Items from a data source
----
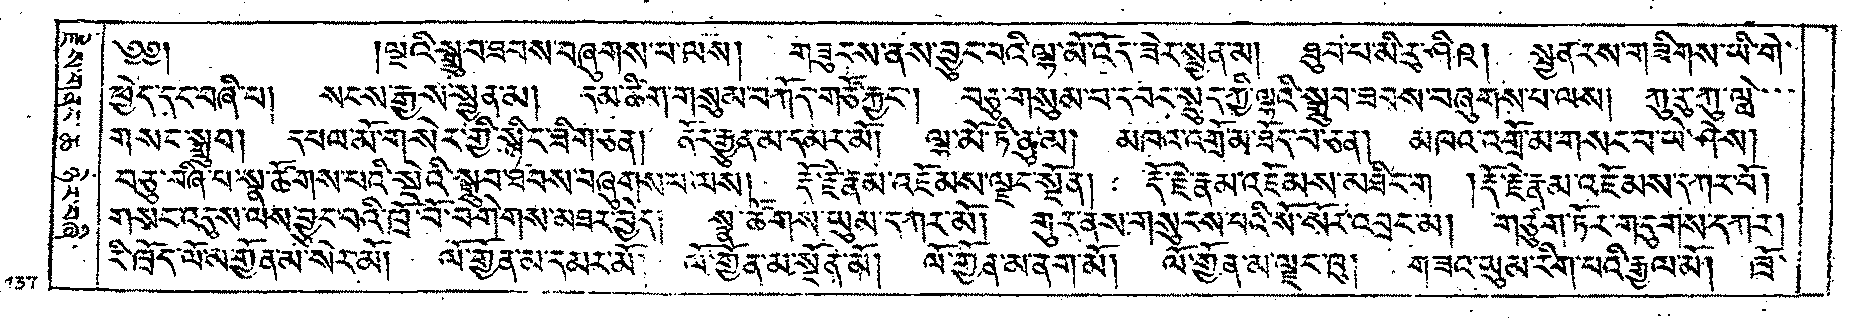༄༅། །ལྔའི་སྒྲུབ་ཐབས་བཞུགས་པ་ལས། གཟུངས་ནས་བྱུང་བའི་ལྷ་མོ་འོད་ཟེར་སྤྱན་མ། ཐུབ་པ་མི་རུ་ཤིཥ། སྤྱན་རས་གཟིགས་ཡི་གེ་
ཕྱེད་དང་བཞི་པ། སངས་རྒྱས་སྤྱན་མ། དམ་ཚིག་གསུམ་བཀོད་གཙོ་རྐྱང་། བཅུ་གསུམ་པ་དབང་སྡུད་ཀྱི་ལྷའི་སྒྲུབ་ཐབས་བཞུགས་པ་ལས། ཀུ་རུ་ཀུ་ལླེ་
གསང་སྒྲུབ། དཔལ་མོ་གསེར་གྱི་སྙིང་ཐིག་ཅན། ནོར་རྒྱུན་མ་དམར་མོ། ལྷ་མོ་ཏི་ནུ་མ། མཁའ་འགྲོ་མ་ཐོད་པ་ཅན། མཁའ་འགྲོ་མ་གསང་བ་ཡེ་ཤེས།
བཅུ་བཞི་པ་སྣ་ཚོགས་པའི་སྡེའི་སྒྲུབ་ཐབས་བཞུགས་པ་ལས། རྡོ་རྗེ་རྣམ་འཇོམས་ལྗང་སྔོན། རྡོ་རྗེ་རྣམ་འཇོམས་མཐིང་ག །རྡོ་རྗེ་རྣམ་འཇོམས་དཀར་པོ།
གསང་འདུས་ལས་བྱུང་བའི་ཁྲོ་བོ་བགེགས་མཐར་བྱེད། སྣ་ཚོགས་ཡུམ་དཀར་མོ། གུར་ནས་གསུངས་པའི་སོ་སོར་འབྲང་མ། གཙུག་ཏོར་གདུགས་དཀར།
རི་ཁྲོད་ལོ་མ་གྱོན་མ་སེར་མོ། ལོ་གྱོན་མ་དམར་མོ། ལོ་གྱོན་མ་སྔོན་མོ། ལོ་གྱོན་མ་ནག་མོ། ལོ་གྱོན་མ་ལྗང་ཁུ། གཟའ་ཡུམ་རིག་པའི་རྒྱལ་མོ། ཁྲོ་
----
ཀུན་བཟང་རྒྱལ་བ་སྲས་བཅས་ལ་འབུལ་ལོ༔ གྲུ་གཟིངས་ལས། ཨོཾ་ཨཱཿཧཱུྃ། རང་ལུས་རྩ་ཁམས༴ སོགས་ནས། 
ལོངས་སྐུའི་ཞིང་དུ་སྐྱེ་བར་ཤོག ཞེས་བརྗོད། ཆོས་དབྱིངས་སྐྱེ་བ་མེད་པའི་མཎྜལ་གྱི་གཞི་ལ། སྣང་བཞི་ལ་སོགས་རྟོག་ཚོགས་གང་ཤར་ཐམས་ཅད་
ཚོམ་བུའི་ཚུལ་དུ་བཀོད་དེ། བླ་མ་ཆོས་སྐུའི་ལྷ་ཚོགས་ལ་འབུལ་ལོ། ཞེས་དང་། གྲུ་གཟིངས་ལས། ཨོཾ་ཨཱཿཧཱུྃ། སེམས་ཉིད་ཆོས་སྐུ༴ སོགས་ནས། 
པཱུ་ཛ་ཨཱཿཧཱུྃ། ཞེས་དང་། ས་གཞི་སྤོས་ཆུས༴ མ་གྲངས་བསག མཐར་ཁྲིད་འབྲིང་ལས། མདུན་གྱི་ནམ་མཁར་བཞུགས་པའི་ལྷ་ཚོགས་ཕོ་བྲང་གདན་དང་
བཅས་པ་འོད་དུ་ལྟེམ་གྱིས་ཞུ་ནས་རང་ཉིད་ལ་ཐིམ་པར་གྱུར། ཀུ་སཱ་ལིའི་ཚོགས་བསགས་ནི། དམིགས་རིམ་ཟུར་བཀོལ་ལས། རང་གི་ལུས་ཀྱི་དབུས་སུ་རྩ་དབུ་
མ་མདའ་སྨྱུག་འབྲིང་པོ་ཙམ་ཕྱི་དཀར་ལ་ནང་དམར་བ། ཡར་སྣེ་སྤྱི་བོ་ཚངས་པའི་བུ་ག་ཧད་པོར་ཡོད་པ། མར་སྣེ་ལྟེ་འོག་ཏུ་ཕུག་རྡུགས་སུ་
----
Taking the entries above, restate exactly those lines that fall between the line with "ཕྱེད་དང་བཞི་པ། སངས་རྒྱས་སྤྱན་མ། དམ་ཚིག་གསུམ་བཀོད་གཙོ་རྐྱང་།" and the line with "རི་ཁྲོད་ལོ་མ་གྱོན་མ་སེར་མོ། ལོ་གྱོན་མ་དམར་མོ། ལོ་གྱོན་མ་སྔོན་མོ།", keeping both of those lines too.

ཕྱེད་དང་བཞི་པ། སངས་རྒྱས་སྤྱན་མ། དམ་ཚིག་གསུམ་བཀོད་གཙོ་རྐྱང་། བཅུ་གསུམ་པ་དབང་སྡུད་ཀྱི་ལྷའི་སྒྲུབ་ཐབས་བཞུགས་པ་ལས། ཀུ་རུ་ཀུ་ལླེ་
གསང་སྒྲུབ། དཔལ་མོ་གསེར་གྱི་སྙིང་ཐིག་ཅན། ནོར་རྒྱུན་མ་དམར་མོ། ལྷ་མོ་ཏི་ནུ་མ། མཁའ་འགྲོ་མ་ཐོད་པ་ཅན། མཁའ་འགྲོ་མ་གསང་བ་ཡེ་ཤེས།
བཅུ་བཞི་པ་སྣ་ཚོགས་པའི་སྡེའི་སྒྲུབ་ཐབས་བཞུགས་པ་ལས། རྡོ་རྗེ་རྣམ་འཇོམས་ལྗང་སྔོན། རྡོ་རྗེ་རྣམ་འཇོམས་མཐིང་ག །རྡོ་རྗེ་རྣམ་འཇོམས་དཀར་པོ།
གསང་འདུས་ལས་བྱུང་བའི་ཁྲོ་བོ་བགེགས་མཐར་བྱེད། སྣ་ཚོགས་ཡུམ་དཀར་མོ། གུར་ནས་གསུངས་པའི་སོ་སོར་འབྲང་མ། གཙུག་ཏོར་གདུགས་དཀར།
རི་ཁྲོད་ལོ་མ་གྱོན་མ་སེར་མོ། ལོ་གྱོན་མ་དམར་མོ། ལོ་གྱོན་མ་སྔོན་མོ། ལོ་གྱོན་མ་ནག་མོ། ལོ་གྱོན་མ་ལྗང་ཁུ། གཟའ་ཡུམ་རིག་པའི་རྒྱལ་མོ། ཁྲོ་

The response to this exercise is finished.